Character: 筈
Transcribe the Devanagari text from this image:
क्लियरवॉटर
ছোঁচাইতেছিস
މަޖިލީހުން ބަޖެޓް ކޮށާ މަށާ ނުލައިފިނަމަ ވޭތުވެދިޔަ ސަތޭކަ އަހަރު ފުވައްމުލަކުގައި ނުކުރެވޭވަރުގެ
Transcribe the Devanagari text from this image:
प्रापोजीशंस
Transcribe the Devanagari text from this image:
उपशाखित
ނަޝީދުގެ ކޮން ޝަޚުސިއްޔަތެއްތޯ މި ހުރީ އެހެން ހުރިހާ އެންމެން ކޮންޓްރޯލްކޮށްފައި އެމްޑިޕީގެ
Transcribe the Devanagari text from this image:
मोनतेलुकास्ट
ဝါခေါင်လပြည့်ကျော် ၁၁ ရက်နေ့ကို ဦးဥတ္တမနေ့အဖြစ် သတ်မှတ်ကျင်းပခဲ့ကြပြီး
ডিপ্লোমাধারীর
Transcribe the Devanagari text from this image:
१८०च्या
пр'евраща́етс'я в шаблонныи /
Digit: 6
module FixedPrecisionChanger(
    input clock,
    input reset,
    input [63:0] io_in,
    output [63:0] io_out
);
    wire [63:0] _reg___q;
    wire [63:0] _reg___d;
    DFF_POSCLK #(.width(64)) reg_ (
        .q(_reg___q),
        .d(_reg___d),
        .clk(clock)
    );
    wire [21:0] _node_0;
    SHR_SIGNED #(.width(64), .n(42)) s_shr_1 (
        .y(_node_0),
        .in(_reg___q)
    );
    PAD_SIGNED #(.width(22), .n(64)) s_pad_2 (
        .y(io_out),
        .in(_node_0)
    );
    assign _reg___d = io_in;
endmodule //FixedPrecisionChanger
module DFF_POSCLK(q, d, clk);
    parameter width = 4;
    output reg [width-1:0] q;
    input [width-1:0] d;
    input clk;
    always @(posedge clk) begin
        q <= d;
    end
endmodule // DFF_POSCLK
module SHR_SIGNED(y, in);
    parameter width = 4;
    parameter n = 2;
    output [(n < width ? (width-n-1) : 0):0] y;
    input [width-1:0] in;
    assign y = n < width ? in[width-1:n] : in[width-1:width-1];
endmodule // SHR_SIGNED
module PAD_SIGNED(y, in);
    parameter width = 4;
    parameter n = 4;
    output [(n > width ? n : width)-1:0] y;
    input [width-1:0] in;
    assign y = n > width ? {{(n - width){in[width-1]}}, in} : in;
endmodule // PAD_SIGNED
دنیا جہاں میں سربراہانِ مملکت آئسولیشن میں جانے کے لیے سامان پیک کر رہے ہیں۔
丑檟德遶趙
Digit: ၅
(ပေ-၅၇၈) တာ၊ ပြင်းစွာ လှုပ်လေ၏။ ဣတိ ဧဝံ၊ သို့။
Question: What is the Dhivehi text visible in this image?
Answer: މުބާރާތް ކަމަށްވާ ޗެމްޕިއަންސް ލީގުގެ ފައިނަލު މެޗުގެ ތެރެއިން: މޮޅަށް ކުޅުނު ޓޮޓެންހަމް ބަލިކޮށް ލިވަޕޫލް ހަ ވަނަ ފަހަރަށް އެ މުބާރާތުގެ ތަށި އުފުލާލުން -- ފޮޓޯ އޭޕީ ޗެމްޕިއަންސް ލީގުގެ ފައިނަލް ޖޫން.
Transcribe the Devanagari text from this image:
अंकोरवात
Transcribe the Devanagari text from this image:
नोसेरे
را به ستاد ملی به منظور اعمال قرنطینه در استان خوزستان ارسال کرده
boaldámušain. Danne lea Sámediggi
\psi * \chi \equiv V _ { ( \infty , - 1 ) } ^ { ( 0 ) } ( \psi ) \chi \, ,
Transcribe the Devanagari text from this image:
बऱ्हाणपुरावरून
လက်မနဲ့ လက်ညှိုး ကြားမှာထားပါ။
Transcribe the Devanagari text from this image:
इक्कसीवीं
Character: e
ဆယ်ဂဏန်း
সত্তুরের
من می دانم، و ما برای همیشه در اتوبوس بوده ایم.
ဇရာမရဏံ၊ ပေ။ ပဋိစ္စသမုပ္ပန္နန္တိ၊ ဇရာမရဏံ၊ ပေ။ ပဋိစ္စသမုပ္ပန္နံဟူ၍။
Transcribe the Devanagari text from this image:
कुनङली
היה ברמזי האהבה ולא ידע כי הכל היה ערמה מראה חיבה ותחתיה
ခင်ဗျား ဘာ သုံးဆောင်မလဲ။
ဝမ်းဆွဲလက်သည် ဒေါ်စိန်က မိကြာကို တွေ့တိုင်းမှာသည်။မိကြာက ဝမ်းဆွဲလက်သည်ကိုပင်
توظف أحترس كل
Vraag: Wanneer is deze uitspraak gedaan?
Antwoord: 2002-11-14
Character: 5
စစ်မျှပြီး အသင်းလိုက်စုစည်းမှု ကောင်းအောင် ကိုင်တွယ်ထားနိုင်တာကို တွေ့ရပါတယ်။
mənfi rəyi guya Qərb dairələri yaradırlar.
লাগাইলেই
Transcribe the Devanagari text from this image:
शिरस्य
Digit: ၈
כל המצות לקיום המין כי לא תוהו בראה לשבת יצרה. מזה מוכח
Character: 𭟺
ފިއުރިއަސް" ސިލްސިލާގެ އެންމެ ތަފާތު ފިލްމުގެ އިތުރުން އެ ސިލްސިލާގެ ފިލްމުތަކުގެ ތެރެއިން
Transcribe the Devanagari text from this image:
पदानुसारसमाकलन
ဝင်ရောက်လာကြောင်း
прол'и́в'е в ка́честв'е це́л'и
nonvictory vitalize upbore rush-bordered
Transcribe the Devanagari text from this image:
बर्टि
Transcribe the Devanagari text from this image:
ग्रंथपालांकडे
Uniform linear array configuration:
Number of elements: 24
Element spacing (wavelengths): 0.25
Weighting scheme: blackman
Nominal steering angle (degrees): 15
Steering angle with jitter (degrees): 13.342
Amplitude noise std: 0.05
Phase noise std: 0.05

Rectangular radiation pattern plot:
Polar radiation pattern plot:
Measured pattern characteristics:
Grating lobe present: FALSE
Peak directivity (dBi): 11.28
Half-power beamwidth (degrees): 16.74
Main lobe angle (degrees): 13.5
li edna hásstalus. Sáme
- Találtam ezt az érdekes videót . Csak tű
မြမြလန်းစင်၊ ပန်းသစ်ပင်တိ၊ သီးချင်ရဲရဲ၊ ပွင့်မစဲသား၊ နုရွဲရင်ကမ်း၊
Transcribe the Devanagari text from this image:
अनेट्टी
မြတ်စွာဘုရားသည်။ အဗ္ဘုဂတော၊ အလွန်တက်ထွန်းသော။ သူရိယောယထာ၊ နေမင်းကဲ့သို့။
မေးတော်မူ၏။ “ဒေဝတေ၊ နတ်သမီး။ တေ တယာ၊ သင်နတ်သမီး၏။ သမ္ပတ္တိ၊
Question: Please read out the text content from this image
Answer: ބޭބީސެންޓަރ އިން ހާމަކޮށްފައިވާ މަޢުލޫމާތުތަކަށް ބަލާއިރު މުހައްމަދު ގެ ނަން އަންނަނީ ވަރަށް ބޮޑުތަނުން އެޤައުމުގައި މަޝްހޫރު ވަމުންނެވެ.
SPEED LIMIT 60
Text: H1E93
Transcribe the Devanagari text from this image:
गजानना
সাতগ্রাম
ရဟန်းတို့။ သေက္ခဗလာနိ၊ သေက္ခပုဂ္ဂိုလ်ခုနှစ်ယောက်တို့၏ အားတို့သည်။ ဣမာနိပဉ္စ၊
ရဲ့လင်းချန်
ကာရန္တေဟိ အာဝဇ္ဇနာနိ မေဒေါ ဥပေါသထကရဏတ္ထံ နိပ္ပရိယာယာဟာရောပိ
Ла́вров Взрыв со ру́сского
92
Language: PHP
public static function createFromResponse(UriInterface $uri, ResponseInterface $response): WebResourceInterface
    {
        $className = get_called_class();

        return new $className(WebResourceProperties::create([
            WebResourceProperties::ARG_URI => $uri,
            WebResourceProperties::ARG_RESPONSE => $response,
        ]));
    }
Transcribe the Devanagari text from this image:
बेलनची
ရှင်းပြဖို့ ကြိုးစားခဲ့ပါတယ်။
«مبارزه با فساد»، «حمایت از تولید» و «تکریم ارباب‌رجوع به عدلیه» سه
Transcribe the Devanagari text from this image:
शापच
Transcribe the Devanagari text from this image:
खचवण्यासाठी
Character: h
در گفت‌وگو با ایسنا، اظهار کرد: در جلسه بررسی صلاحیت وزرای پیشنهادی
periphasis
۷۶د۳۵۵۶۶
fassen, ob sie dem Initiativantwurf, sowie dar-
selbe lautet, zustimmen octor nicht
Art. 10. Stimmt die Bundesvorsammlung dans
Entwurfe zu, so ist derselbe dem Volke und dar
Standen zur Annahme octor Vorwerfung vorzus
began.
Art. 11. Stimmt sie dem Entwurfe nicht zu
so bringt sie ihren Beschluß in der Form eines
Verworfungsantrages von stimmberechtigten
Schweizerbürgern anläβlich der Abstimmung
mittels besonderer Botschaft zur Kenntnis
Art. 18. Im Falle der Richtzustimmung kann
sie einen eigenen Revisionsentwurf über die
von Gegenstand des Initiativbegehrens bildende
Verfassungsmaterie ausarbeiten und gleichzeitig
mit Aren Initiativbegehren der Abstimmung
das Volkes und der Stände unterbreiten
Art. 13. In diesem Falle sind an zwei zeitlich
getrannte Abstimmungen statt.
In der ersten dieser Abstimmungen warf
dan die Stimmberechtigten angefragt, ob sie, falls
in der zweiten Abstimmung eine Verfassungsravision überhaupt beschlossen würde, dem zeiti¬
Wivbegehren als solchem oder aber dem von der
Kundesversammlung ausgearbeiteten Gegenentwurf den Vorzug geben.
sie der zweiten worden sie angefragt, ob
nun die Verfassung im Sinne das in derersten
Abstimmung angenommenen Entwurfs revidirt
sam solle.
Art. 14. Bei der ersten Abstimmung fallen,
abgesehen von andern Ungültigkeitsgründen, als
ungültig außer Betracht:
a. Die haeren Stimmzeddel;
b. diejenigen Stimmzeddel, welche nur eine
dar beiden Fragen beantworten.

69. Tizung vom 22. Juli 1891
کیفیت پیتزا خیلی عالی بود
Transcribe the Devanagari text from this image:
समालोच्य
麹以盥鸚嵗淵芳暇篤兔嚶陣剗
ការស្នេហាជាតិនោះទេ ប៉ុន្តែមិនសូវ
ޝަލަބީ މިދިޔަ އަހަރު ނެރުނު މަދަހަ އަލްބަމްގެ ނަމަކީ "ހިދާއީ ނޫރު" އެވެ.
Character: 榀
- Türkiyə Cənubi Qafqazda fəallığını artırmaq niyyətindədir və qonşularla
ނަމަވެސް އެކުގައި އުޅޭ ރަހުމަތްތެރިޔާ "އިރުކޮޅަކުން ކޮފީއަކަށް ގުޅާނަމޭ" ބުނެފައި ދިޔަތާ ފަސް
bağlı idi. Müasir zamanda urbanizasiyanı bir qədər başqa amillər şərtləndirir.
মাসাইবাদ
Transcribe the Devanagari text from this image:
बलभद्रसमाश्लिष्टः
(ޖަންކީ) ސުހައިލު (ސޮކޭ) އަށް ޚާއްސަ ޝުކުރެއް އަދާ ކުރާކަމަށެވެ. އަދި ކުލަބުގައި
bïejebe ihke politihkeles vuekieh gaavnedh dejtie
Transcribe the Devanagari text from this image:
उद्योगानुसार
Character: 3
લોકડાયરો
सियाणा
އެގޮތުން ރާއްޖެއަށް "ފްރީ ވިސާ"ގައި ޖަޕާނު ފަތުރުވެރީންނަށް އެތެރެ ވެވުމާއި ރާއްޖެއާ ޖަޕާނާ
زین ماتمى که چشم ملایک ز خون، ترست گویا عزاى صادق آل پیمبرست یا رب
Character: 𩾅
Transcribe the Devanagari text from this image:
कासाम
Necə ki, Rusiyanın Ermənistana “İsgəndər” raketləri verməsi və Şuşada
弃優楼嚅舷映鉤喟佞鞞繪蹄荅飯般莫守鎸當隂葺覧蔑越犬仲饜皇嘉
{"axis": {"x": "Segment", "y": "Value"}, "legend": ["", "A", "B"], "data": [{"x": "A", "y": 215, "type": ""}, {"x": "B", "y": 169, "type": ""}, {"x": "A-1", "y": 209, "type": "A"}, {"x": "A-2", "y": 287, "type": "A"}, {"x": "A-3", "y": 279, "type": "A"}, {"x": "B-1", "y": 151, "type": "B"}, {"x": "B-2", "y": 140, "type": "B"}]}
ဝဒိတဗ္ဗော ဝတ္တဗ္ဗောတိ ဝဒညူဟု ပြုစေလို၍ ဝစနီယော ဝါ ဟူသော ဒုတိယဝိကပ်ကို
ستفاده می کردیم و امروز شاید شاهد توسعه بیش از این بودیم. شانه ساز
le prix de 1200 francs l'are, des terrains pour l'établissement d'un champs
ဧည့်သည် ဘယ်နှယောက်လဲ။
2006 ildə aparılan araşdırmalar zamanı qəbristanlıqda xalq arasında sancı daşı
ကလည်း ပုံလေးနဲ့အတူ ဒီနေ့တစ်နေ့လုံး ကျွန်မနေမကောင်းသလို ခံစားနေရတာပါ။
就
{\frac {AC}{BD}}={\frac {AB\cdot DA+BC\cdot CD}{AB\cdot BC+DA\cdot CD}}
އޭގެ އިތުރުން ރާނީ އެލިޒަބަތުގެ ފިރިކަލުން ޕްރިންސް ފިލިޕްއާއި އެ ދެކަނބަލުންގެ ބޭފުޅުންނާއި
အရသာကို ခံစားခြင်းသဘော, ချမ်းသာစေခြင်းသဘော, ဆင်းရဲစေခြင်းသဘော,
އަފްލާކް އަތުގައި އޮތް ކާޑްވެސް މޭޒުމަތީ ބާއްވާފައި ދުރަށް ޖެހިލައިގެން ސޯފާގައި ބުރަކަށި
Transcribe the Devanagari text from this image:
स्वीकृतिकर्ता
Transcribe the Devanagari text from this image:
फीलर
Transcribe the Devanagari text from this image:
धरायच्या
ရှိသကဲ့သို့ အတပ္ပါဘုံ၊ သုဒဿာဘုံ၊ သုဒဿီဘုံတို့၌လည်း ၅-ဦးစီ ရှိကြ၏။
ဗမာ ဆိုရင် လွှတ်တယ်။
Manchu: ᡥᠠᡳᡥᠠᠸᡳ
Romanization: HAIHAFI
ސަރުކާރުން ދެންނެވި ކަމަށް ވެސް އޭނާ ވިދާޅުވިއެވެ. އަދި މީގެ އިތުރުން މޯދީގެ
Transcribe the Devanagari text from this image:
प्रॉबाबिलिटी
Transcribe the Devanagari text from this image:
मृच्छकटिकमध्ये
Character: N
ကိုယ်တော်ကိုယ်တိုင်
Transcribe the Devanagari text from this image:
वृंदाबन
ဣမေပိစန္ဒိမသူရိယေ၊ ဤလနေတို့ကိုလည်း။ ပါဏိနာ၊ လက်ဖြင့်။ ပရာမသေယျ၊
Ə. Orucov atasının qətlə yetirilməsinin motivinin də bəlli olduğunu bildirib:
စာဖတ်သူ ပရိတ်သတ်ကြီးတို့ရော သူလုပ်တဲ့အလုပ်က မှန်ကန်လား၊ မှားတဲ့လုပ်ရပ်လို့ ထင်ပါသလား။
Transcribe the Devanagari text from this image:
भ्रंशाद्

++++

## WHAT IS NEEDED
Read the entries and pick out all lines that include the word "noise".

## RESULT OF THE TASK
Amplitude noise std: 0.05
Phase noise std: 0.05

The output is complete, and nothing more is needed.